Mrs. Young was a full time mother of three; Loyce, Charles and Eugene III. Loyce, her daughter and Charles, her eldest son were away at college, and her
youngest son, Eugene III, was only 10 years old at the time of their fathers death. All of the Young children worked in the family business while growing up.
Mrs. Young also took notice of neighborhood children in need, making sure that the hungry were fed, the dirty were clean, and the
need for adequate clothing met for the children with less blessings than her own. She founded and operated Meridian's first ethnic beauty salon, Young's Beauty Salon in
1930. In 1944 she and her husband started Meridian's first ethnic barber and beauty schools, Young's Barber College and Young's Beauty School.

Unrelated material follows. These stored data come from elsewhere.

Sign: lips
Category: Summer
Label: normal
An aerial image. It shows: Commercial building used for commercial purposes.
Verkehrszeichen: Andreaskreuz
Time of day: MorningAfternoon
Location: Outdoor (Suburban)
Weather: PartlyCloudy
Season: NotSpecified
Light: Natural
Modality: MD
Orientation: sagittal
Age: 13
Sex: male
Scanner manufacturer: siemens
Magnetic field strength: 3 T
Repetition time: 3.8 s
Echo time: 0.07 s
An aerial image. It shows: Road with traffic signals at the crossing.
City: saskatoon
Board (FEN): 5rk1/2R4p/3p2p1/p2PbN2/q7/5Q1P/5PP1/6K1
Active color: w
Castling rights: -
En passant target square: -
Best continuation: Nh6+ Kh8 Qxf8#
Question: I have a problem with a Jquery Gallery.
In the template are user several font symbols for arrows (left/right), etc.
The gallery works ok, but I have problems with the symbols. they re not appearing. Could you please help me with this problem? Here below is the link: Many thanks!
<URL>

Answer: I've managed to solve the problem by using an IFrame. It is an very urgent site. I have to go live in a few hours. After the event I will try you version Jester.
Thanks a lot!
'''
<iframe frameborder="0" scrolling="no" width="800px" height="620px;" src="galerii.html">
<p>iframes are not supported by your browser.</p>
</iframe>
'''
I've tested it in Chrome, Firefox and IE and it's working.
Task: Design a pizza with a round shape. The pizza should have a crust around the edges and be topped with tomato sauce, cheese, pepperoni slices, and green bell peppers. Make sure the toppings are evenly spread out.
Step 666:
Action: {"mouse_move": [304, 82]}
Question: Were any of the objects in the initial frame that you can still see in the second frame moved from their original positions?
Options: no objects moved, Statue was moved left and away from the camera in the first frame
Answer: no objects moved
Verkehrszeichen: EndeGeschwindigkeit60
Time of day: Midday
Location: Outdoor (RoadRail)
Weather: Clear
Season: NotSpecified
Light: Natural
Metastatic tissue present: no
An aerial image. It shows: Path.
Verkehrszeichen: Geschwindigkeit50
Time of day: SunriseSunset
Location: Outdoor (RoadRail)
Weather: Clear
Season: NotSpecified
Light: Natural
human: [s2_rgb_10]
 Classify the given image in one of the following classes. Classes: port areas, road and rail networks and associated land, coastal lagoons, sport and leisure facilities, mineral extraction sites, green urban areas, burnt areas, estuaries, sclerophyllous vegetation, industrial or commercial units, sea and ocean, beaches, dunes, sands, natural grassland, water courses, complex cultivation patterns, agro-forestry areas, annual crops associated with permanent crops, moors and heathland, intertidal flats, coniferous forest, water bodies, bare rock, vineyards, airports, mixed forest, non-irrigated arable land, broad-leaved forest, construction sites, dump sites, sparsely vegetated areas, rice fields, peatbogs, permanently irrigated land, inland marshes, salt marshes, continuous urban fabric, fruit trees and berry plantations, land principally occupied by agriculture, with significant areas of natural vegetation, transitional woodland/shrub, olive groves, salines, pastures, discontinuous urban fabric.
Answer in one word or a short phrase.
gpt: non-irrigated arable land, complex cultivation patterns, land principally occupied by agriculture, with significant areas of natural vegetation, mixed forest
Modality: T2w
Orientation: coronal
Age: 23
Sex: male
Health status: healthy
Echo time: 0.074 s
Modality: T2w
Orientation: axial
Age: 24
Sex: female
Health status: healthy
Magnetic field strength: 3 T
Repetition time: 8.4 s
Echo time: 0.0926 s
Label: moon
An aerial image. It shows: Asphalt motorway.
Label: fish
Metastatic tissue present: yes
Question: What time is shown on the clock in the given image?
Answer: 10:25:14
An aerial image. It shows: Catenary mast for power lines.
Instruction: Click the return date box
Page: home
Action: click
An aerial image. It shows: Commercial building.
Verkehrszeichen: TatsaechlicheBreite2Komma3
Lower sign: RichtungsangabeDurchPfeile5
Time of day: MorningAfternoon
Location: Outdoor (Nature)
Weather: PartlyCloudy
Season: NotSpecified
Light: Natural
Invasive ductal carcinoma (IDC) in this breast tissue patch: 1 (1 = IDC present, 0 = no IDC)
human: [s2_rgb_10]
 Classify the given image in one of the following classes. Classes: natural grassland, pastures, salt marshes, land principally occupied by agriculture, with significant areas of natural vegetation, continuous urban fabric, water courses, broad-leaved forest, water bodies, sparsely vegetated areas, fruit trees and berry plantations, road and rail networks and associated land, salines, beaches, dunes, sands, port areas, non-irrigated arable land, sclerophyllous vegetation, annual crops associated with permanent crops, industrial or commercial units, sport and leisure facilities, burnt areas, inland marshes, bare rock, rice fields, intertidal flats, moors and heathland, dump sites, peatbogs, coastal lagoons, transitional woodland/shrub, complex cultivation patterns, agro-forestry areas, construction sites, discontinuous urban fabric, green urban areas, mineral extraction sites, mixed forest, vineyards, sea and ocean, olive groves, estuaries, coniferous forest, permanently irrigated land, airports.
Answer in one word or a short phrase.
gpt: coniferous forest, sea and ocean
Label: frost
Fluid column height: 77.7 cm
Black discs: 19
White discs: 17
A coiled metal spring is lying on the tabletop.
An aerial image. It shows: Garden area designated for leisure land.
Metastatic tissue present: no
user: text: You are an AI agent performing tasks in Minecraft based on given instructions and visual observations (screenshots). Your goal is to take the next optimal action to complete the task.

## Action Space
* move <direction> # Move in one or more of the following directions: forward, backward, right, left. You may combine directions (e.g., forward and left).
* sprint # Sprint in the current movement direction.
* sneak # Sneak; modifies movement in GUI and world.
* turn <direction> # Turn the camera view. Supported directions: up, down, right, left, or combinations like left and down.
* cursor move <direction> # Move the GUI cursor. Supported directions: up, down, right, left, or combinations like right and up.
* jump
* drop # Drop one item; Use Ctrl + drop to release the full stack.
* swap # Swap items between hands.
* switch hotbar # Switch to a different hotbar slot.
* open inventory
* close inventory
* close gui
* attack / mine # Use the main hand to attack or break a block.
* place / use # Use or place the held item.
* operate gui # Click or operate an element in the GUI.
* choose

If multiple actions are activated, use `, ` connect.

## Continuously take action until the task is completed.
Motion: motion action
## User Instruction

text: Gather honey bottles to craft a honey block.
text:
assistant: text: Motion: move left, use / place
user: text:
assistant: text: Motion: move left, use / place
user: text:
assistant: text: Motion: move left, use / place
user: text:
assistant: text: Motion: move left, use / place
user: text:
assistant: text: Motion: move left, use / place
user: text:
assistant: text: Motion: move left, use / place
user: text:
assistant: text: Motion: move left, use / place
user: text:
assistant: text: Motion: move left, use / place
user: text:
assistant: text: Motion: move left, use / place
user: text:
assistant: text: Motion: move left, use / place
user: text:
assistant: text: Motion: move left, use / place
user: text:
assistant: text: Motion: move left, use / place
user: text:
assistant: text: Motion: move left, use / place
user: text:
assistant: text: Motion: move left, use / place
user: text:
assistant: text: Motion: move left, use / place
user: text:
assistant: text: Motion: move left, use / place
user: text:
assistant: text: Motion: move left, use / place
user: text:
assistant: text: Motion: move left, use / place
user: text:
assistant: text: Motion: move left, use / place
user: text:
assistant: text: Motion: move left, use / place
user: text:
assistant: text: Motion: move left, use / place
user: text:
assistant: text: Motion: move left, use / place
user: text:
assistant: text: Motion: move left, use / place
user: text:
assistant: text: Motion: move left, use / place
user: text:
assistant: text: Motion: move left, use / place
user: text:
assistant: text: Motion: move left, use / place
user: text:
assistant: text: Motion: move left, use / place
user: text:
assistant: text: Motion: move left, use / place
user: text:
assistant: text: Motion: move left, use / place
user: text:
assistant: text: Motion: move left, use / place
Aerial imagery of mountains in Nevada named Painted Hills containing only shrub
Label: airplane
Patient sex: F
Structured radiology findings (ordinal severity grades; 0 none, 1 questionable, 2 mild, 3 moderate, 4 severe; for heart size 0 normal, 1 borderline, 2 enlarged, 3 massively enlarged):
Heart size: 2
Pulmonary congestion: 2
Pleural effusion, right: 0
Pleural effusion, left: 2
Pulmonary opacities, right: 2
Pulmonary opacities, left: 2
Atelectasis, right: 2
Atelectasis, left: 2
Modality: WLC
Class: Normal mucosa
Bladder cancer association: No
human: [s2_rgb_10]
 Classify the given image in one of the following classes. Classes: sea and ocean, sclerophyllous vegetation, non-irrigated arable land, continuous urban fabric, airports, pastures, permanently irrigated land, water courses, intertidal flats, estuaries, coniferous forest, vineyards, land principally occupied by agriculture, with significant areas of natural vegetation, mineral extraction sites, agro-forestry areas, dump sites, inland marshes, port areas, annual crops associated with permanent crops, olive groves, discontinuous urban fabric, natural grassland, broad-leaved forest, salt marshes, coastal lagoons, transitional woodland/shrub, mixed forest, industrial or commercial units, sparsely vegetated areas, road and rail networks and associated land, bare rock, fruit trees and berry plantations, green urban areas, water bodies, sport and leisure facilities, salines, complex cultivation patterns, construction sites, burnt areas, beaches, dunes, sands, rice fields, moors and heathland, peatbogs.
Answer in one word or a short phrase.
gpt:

In the interim, Mrs. Young assured that her late husband's dream, E.F. Young, Jr. Mfg. Co., also thrived and prospered under her management. Mrs. Velma Young was the
chief administrator of E.F. Young, Jr. Mfg. Company's Chicago, IL and Meridian, MS plant locations for nineteen years. After which her son Charles, fresh from the military
and civil rights activists movement, came to the head of the company. Mrs. Young was an active participant in many civic and social organizations. She was
the loving mother of three children and the grandmother of ten. All of whom she provided lunch for at the family house at 12:00 noon each business day. Velma Beal
Young departed this earth in February of 1987 and is honored with a neighborhood park bearing her name.